If you really want to control the dialog with the visitor then one
approach would be to go back to your worker-thread approach, but the
worker-thread doesn't return anything to the visitor.  The initial request
generates a request ID and sends a page with a refresh back to the visitor
that says something like click here to get your results, or your browser
will automatically check for them every n seconds.  On subsequent
refreshes, you can just display the same request to the visitor, or you
could give them an option to click here if you're so bored you don't care
anymore, in which case you could signal the worker-thread somehow that it
can stop now and release its resources.  On your intermediate status page,
you could even display a progress notifier that could show what percent of
the data generation is complete, if you have that information.  This
approach avoids the immediate denial-of-service, because you give more
immediate feedback, but you might still want to constrain how many worker
threads you are willing to spin off, using an nsv counter again.

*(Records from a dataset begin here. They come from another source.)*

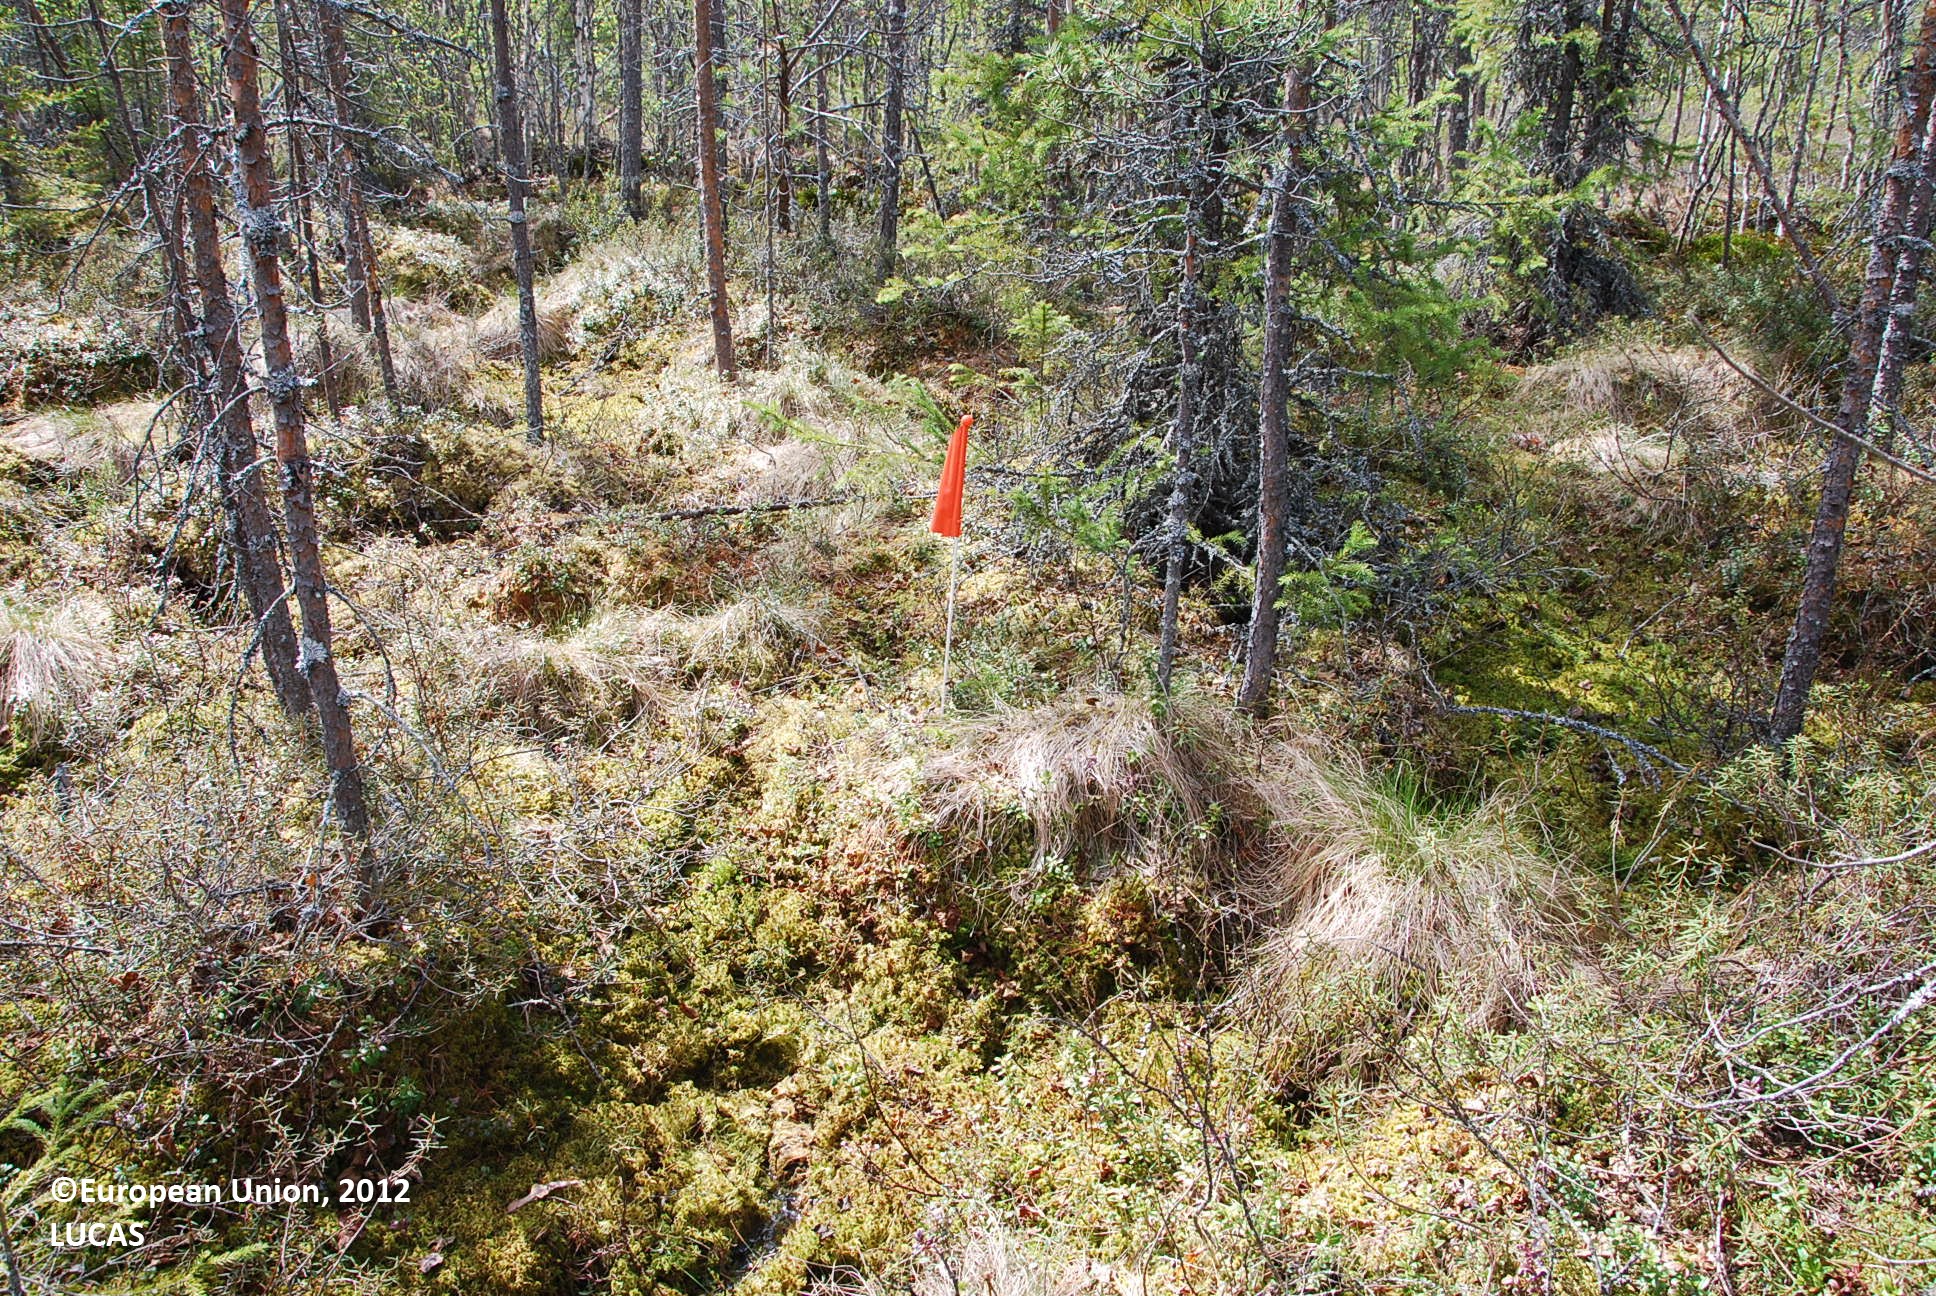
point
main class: Woodland
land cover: Pine dominated coniferous woodland
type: boreal forest
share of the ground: > 75 %
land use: Forestry
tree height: > 5 m
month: June
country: FI
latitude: 66.5791
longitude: 28.0536

On Wed, 19 Dec 2001, Ramin Naimi wrote:

 Is it possible for a module to get notified that a GET or POST request was
 cancelled by the client? My procedure will take a long time to process and I
 would like to know (during processing) if the request was cancelled. I
 suppose I can do a Ns_ConnPuts during my processing and check for it's
 return value and assume that if it failed then the request was cancelled. Is
 there a more cleaner way?



Re: [AOLSERVER] How does a module know a GET or POST request was cancelled?

2001-12-19 Thread Dossy

On 2001.12.19, Peter M. Jansson [EMAIL PROTECTED] wrote:
 If you really need to
 control the dialog with low latency, you need a client other than a web
 browser.  Again, this entire paragraph is my opinion, and you're welcome
 to disagree.

I agree, but you didn't recommend a third, very useful solution:

Server push.

Explanation and implementation is left as an exercise for the
reader.

-- Dossy

--
Dossy Shiobara   mail: [EMAIL PROTECTED]
Panoptic Computer Network web: http://www.panoptic.com/
  He realized the fastest way to change is to laugh at your own
folly -- then you can let go and quickly move on. (p. 70)



Re: [AOLSERVER] How does a module know a GET or POST request was cancelled?

2001-12-19 Thread Peter M. Jansson

The last time I looked at server push, there was one example on the
netscape site, and it appears that the mechanism used is no longer widely
supported by the browser.  Can you point this interested reader to a
better example?

On Wed, 19 Dec 2001, Dossy wrote:

 I agree, but you didn't recommend a third, very useful solution:

 Server push.



Re: [AOLSERVER] How does a module know a GET or POST request was cancelled?

2001-12-19 Thread Dossy

On 2001.12.19, Peter M. Jansson [EMAIL PROTECTED] wrote:
 The last time I looked at server push, there was one example on the
 netscape site, and it appears that the mechanism used is no longer widely
 supported by the browser.  Can you point this interested reader to a
 better example?

One way of doing it (which isn't great, but it's easy to implement)
is:

http://aolserver.com/docs/devel/tcl/tcl-api.adp#ns_adp_stream

Another way is hand-crafting your own HTTP response using
multipart MIME, with each part being of type text/html (or
whatever is appropriate).  Every so often, before the
timeout elapses, either send the keep-alive part (can't
remember what it is off the top of my head) or your actual
content part.

-- Dossy

--
Dossy Shiobara   mail: [EMAIL PROTECTED]
Panoptic Computer Network web: http://www.panoptic.com/
  He realized the fastest way to change is to laugh at your own
folly -- then you can let go and quickly move on. (p. 70)



Re: [AOLSERVER] How does a module know a GET or POST request was cancelled?

2001-12-19 Thread Peter M. Jansson

On Wed, 19 Dec 2001, Rusty Brooks wrote:

 print out a please wait type page, with enough text that it gets written
 out right away.  This was done with ns_write in an adp.

I suggested something like this earlier, although with an asynchronous
worker thread.  I think that better than please wait would be to offer
an estimate of time remaining, or some other concrete progress
implementation (% done), so the user has some idea how long to wait.